Quelques milliers de personnes ont visité Richmond, qui organise un défilé pour célébrer la Saint-Patrick.

Richmond fête en vert

Vêtus de vert, des milliers d’Estriens se sont déplacés vers Richmond, dimanche, pour célébrer la Saint-Patrick et vivre le traditionnel défilé. Si certains ne portaient que des accessoires verts, d’autres ont revêtu leur kilt irlandais... malgré la température ressentie qui atteignait les - 15 degrés.

Patrick Busby et Nathaniel Mickelvey, deux hommes ayant des grands-parents qui ont immigré de l’Irlande, ont décidé de porter ce vêtement peu adapté au climat québécois. « C’est pour ne pas perdre nos valeurs religieuses, dit M. Busby. C’est important pour nous. On fait ça pour le sang irlandais », affirme-t-il, ajoutant que des gens se sont fait prendre en photo avec eux.

« C’est important pour nos racines, continue-t-il. C’est notre passé, ce sont ces gens qui ont construit le pays. Les Irlandais ont été vraiment forts mentalement et physiquement pour avoir passé au travers de la famine, entre autres. Le kilt, ça fait partie de la tradition. C’est important de garder le patrimoine. Nous, on se bat contre la température! On veut montrer qu’on est capable. On s’est lancé le défi. On vient de créer une tradition, on va le faire toutes les années, peu importe la température », exprime M. Busby, qui habite à Drummondville.

De son côté, la famille Boisjoli se rassemble tous les ans dans les escaliers de l’ancienne Bank of Montreal pour les festivités. « C’est une tradition! On a de lointaines racines irlandaises. C’est une grosse fête. On chante et on danse. Les chevaux, les tracteurs et la fanfare, c’est beau! » mentionne Émilianne, la mère de la famille.

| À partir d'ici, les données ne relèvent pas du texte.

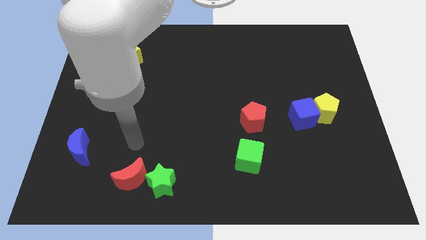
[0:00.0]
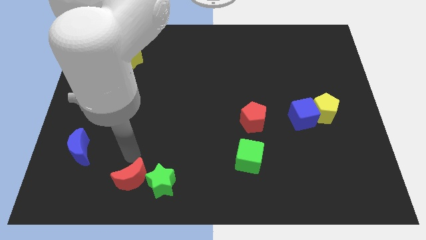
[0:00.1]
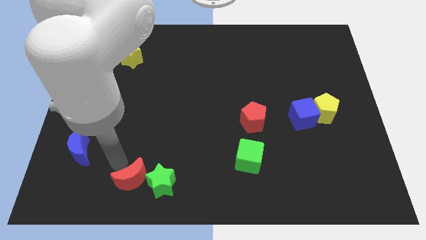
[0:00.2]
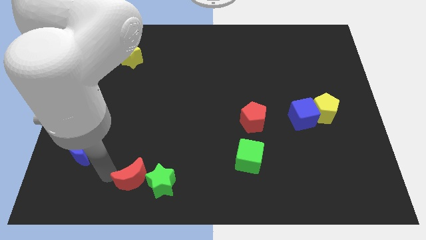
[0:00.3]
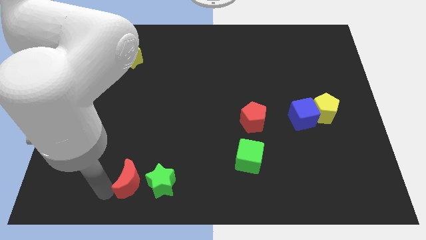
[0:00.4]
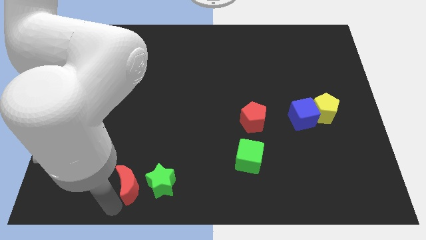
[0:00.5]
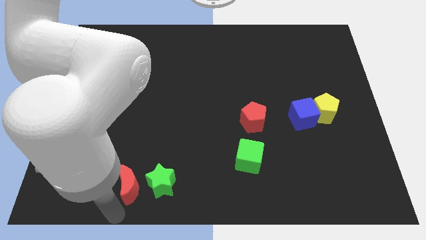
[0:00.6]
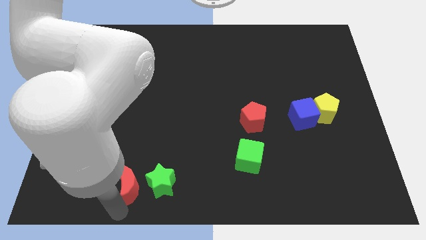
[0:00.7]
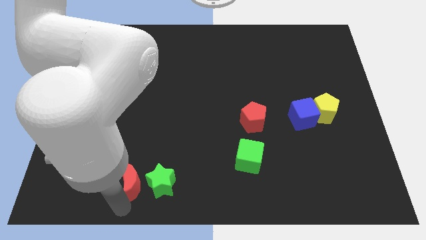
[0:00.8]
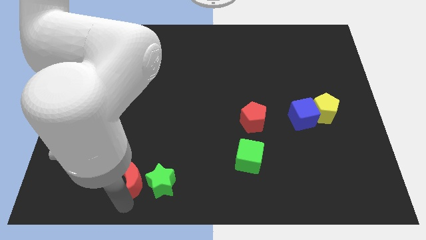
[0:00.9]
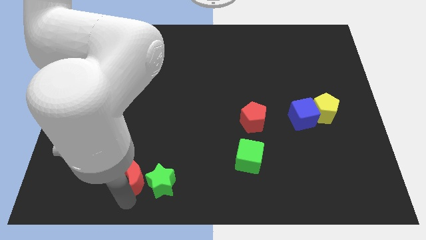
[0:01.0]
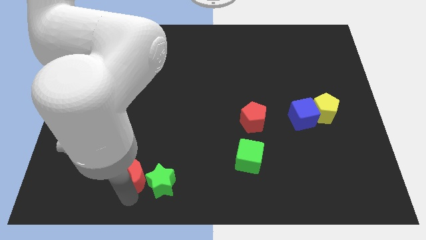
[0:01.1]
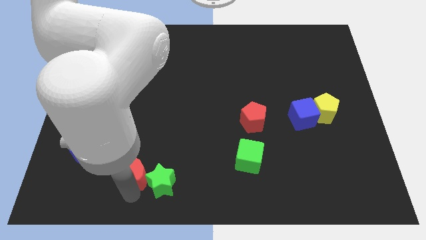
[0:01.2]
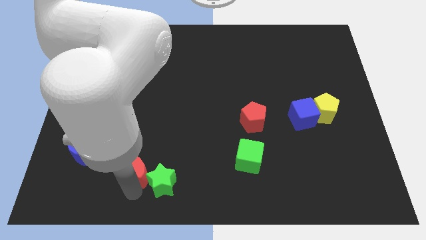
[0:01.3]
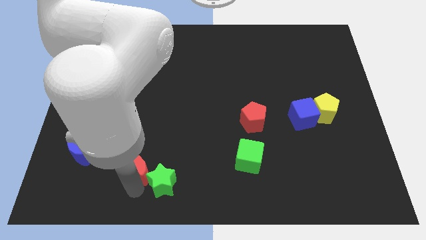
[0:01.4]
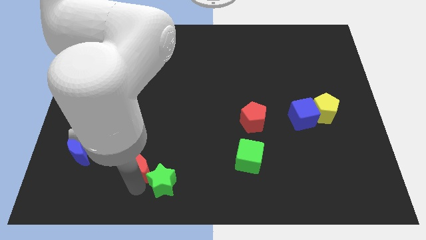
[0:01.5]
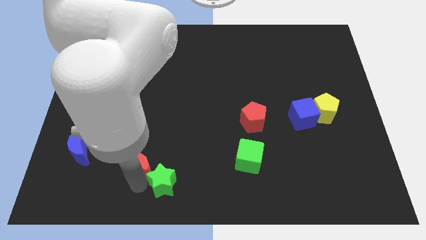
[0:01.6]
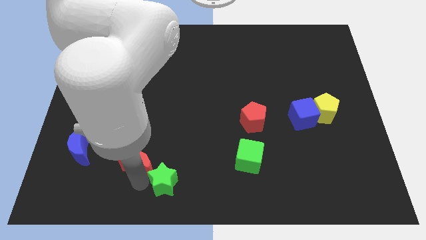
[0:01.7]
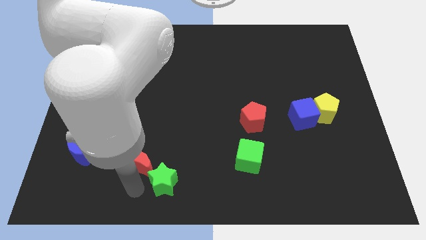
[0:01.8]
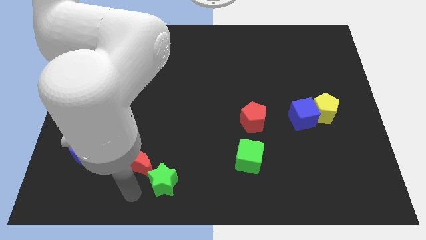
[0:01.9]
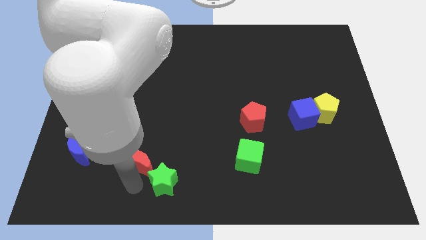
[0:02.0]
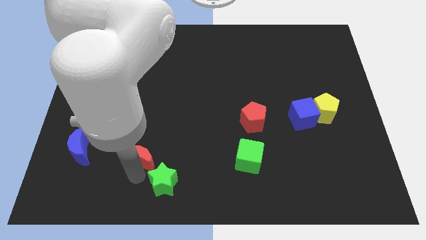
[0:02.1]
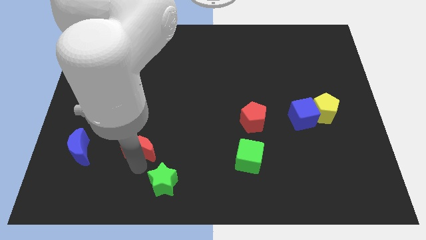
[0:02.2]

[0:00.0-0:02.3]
slightly slide the red moon up

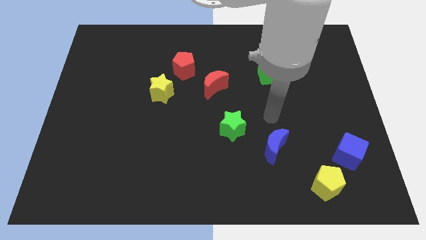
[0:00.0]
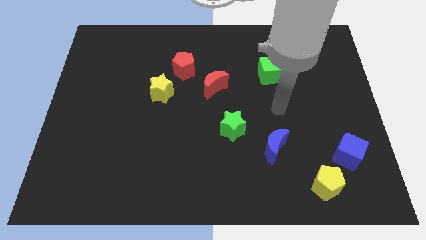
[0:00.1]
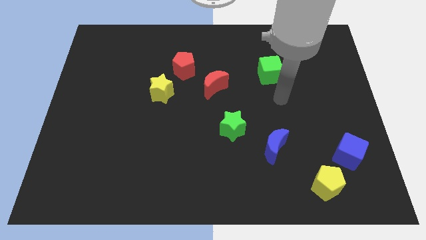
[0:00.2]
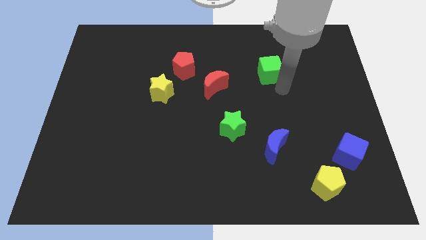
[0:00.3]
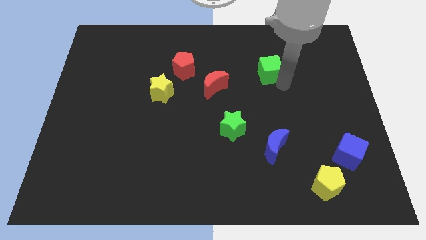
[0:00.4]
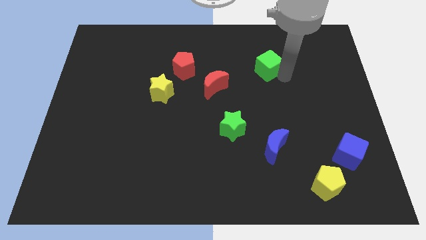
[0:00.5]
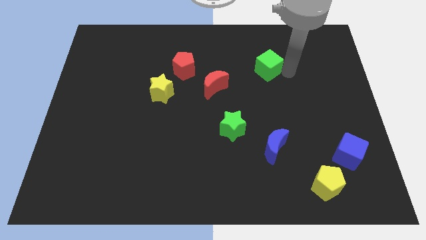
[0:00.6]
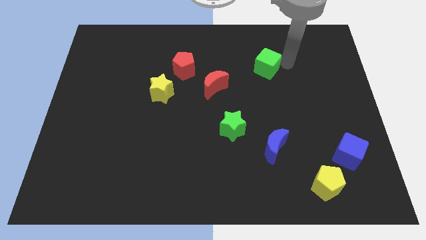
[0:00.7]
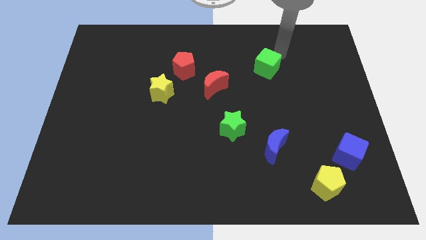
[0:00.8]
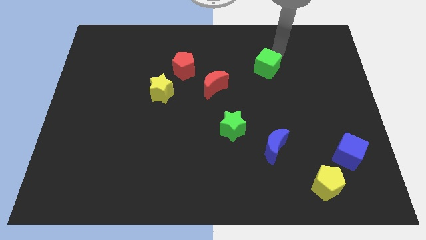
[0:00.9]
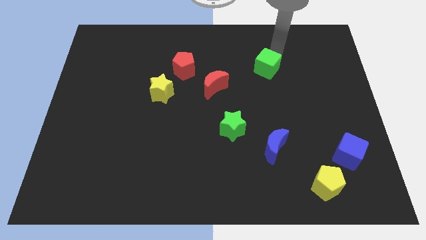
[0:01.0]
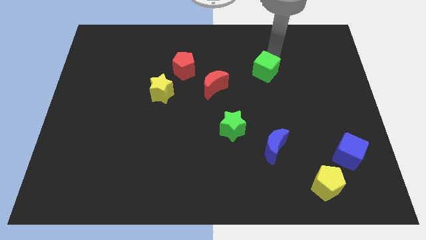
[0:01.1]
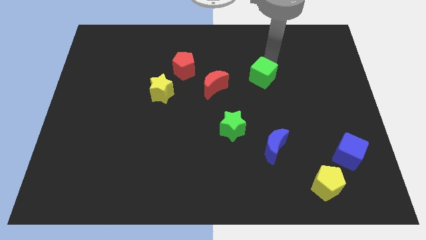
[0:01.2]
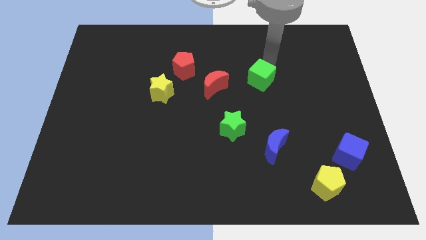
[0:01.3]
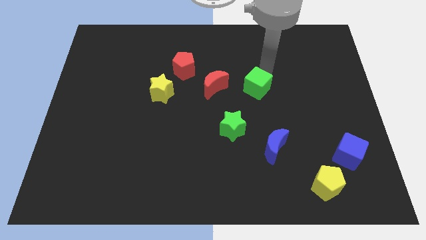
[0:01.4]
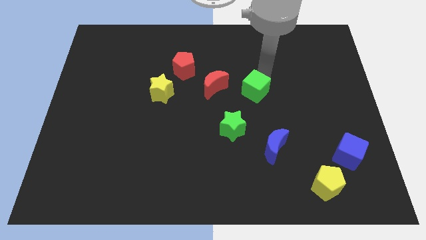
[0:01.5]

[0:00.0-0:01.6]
slightly push the green cube down and to the left diagonally

Patrick Busby et Nathaniel Mickelvey ont revêtu leur kilt traditionnel pour fêter la Saint-Patrick.

Fête religieuse

Avec toutes les célébrations, certains oublient que la fête de la Saint-Patrick est chrétienne. Pour le Père George Harkins, qui a également des racines irlandaises, il s’agissait d’une première présence au défilé de Richmond. « J’ai vu les parades de Boston et de New York! Il y a beaucoup d’Irlandais qui se sont établis ici après la famine. »

« Saint Patrick a utilisé le trèfle pour parler de Dieu. Trois personnes dans un seul Dieu. Il parlait du Père, du Fils et du Saint-Esprit », explique-t-il, mentionnant que Saint Patrick était reconnu pour sa grande foi, « solide comme une roche », selon lui. 

Pour George Harkins, l’aspect religieux est important, mais l’aspect festif l’est également. « On mélange l’humain avec ça. Ce matin après la messe, nous avons servi du café irlandais avec de la crème irlandaise! Les Irlandais savent fêter, tout comme les Québécois. Samedi soir, dans la communauté salésienne de Sherbrooke, j’ai aussi servi des cafés irlandais. J’en ferai d’autres ce soir (dimanche) avec mon frère! » résume-t-il, le sourire aux lèvres.